The learning rate is initialised to self.lr. The Robbins-Monro schedule updates it each round inside step(); the exponential schedule decays it after every round via self._current_lr *= lr_decay.

When xavier_init is enabled, every weight tensor of the instantiated model is re-initialized with the Glorot/Xavier uniform rule, and every bias is reset to zero.

Safe to call multiple times — each call resets all internal state.

step() None[source]

Advance the simulation by one synchronous round.

  1. The learning rate is updated to the value of the current round (only for the Robbins-Monro schedule; the exponential schedule updates the rate after the optimizer step instead).

  2. Each of the \(n - f\) honest workers computes a gradient on its local data shard via _train_one_worker().

  3. If \(f > 0\) and the attack has not been stopped, Byzantine workers generate attack gradients.
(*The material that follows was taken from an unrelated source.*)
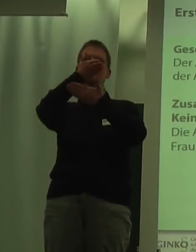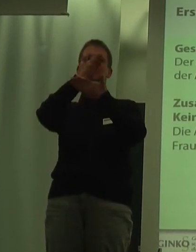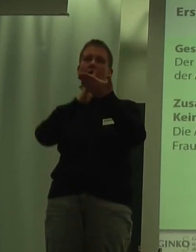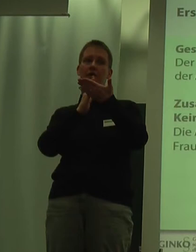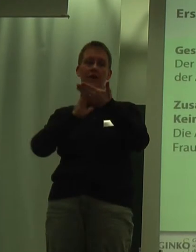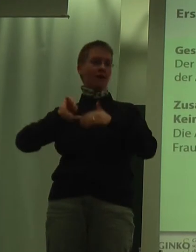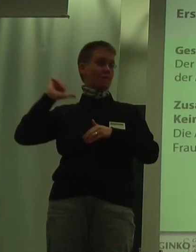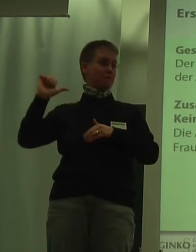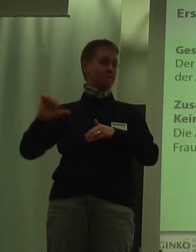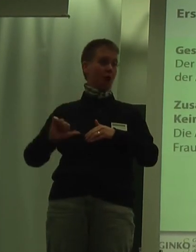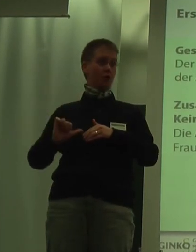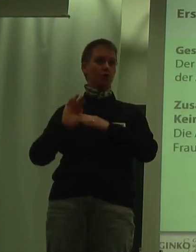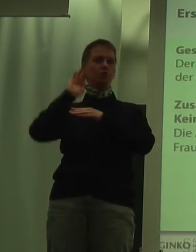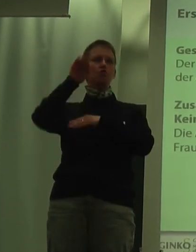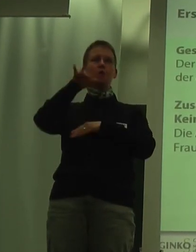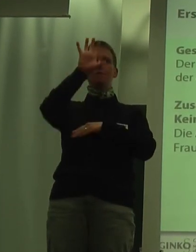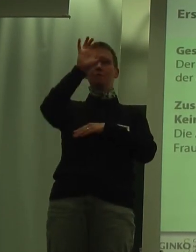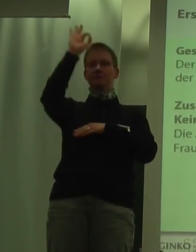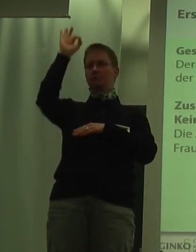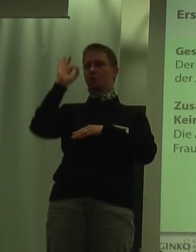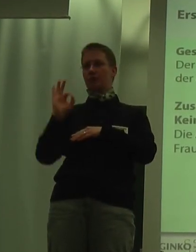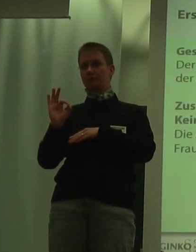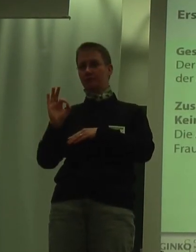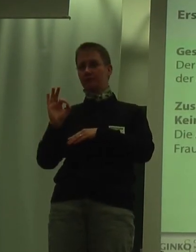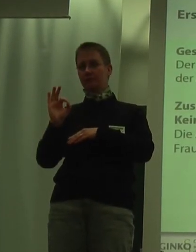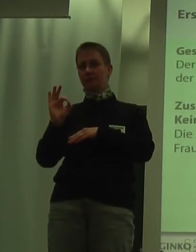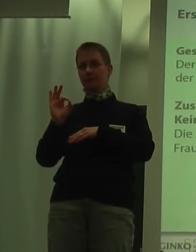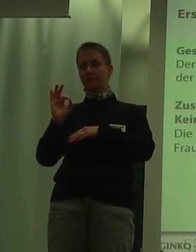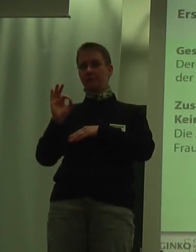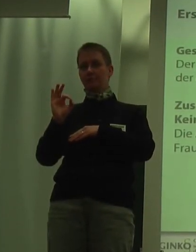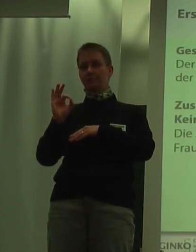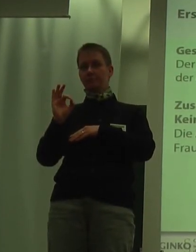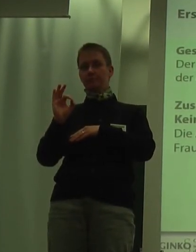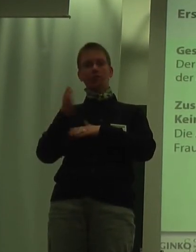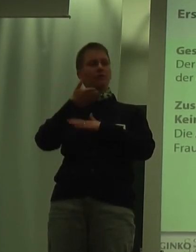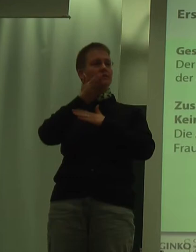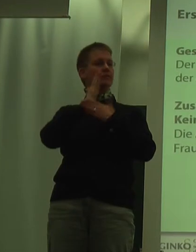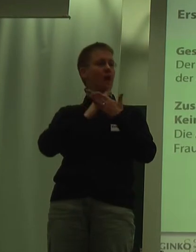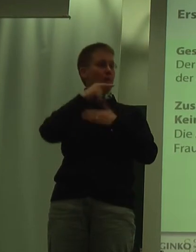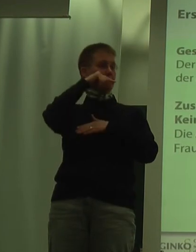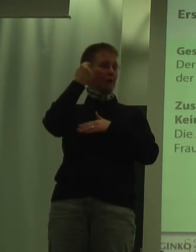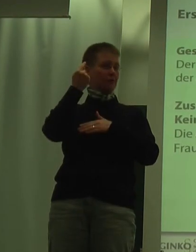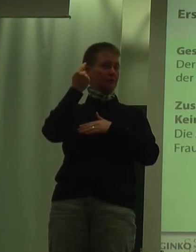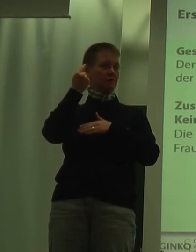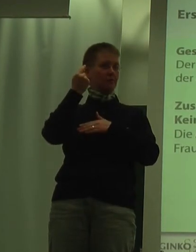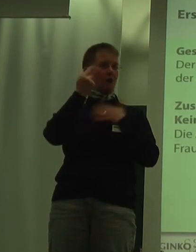Frauen, der über 50 Prozent liegt, und einen Anteil von Männern von 48 bis
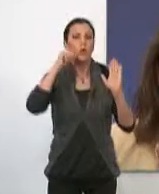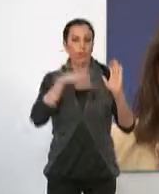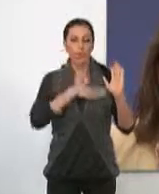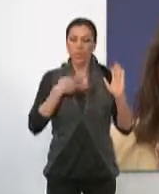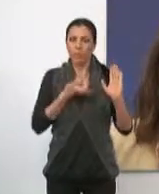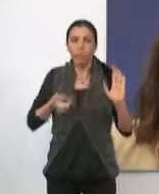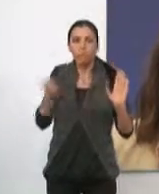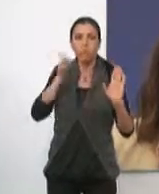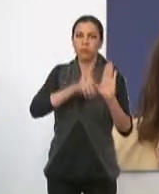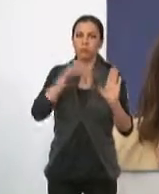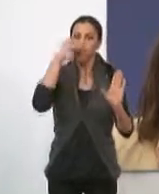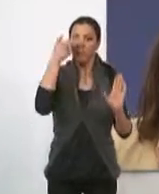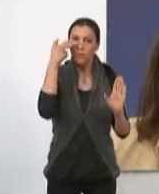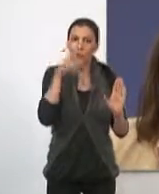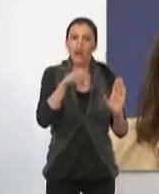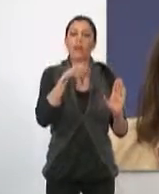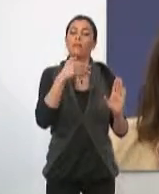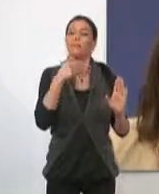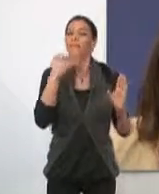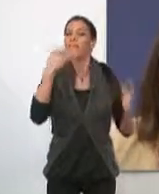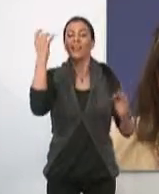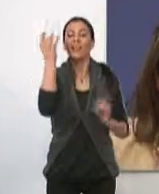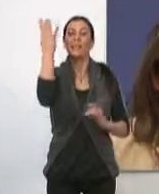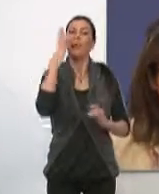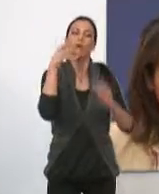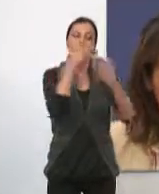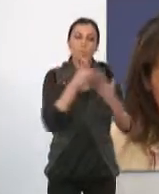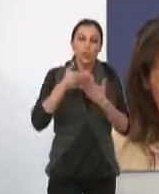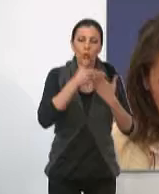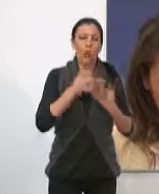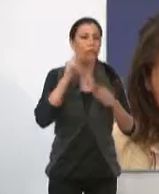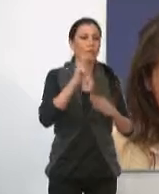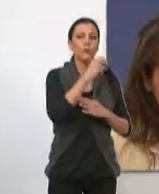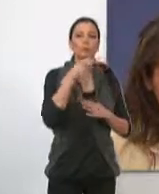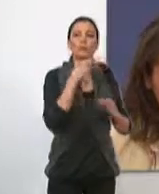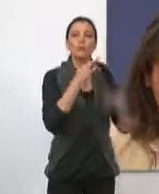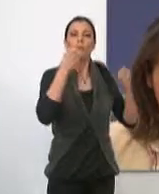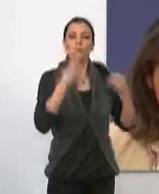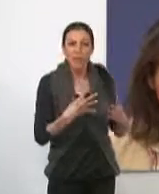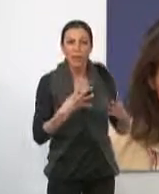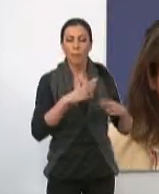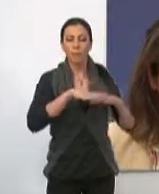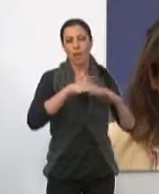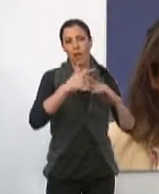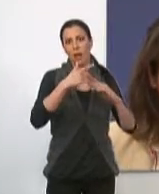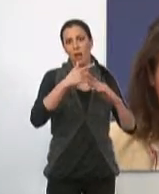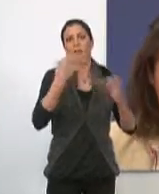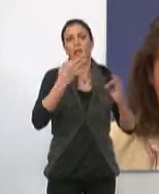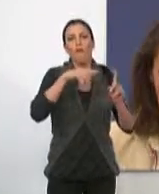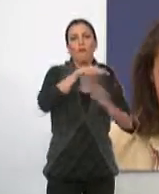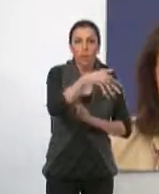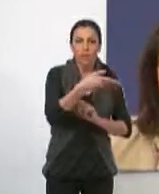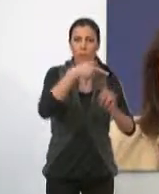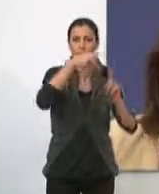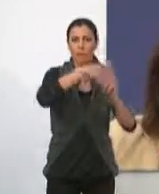Motril aspira a participar es una iniciativa destinada al estudio de viabilidad de edificios sostenibles para

For

    FullGradientNegationAttack,

    the full-dataset honest gradient is computed first.

  4. The aggregator combines all \(n\) gradients into a single update via self.aggregator.aggregate(...).

  5. The aggregated gradient is written to self._model.gradients and applied via an in-place SGD update on the flat parameter tensor.

  6. The learning rate (if scheduled) is decayed.

Raises:

RuntimeError – If setup() has not been called.